- _Data provided_:
━━━━━━━━━━━━━━━━

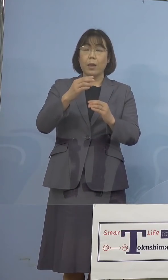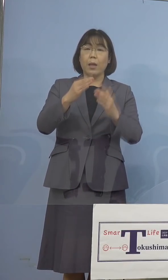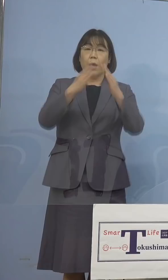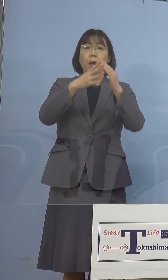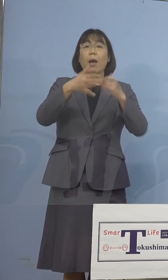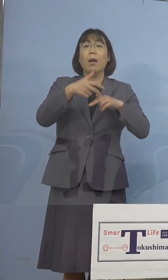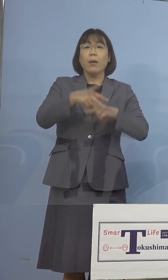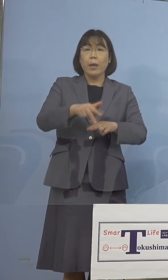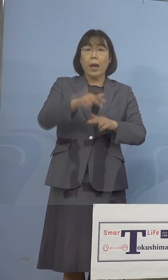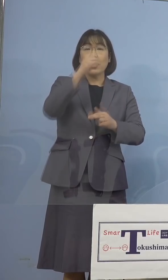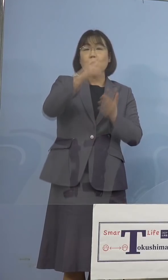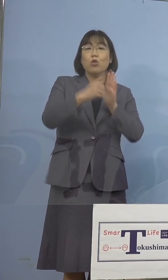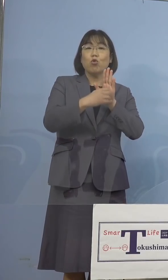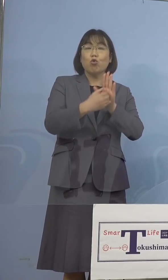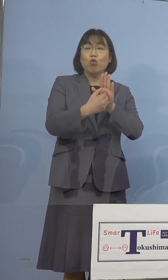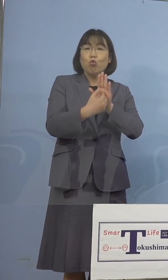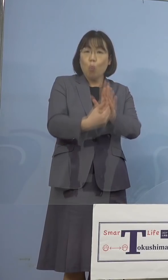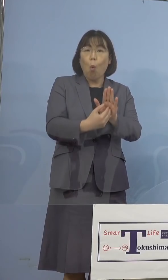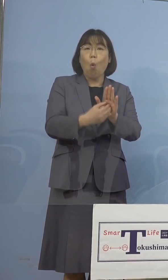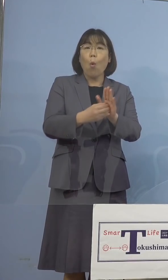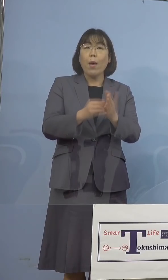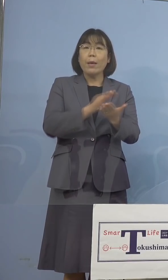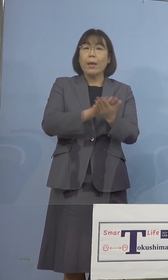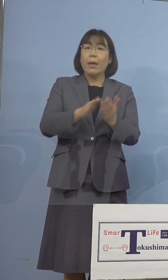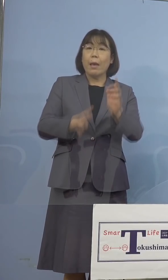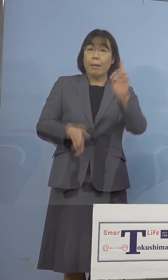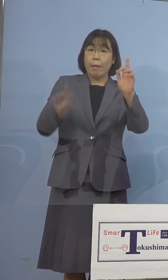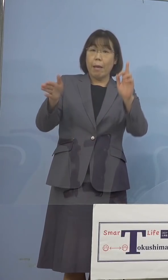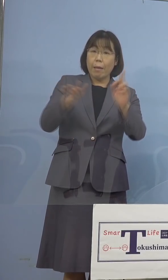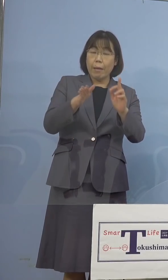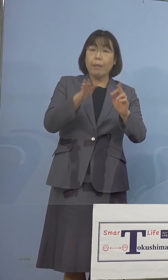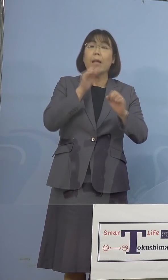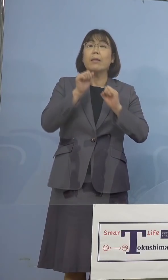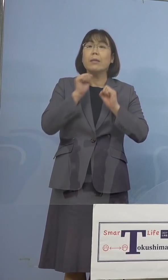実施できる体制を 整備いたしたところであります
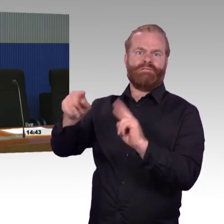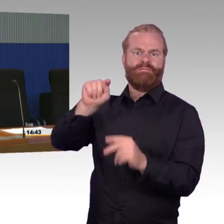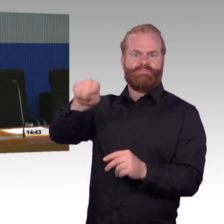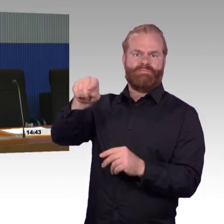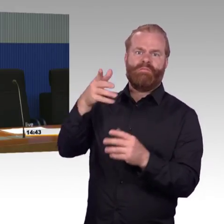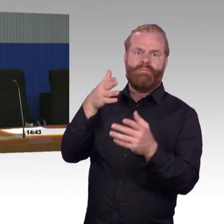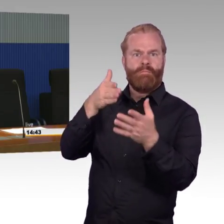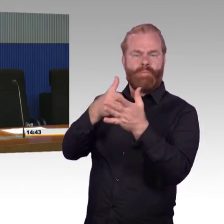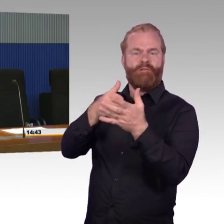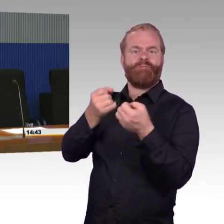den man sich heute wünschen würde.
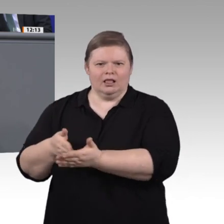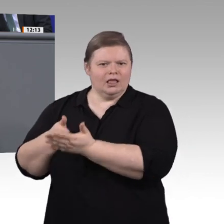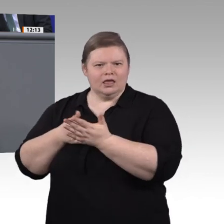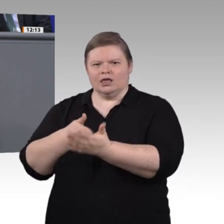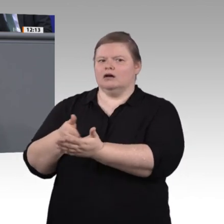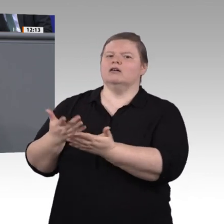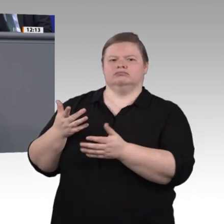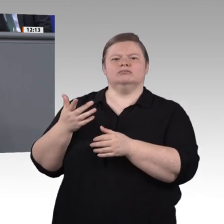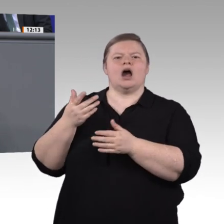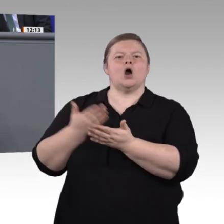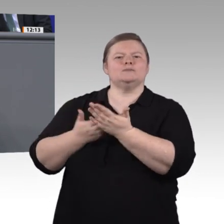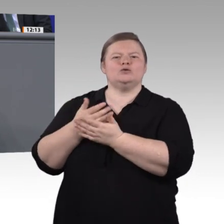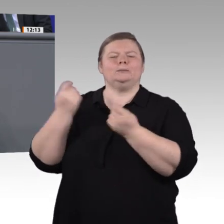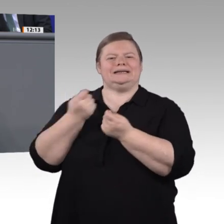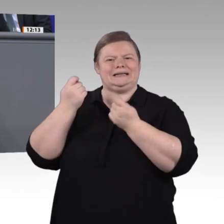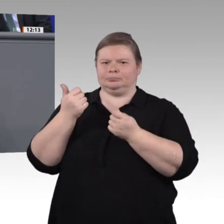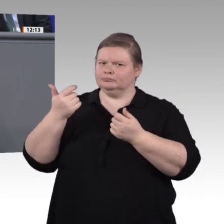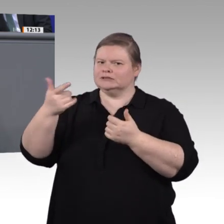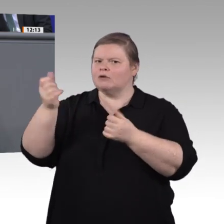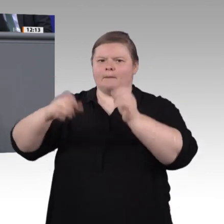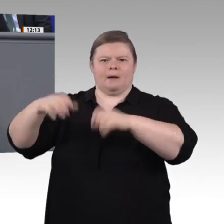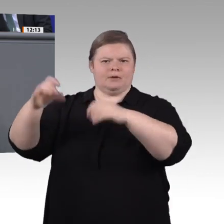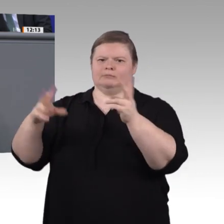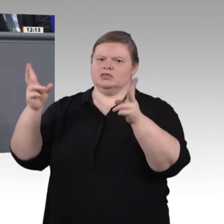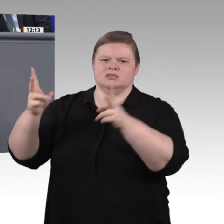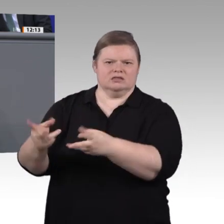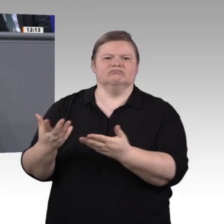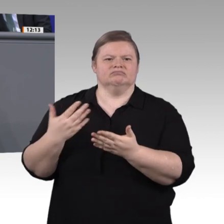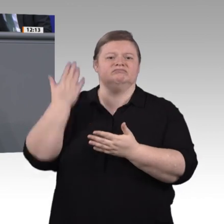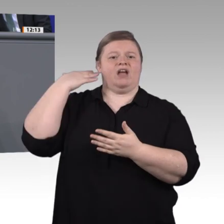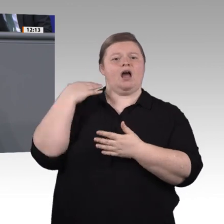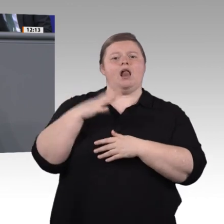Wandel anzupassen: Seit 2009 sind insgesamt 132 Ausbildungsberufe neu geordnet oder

━━━━━━━━━━━━━━━━

- _What you should do_:
The answer is the full listing above, reproduced character for character, minus its images.

- _Answer to the problem_:
実施できる体制を 整備いたしたところであります
den man sich heute wünschen würde.
Wandel anzupassen: Seit 2009 sind insgesamt 132 Ausbildungsberufe neu geordnet oder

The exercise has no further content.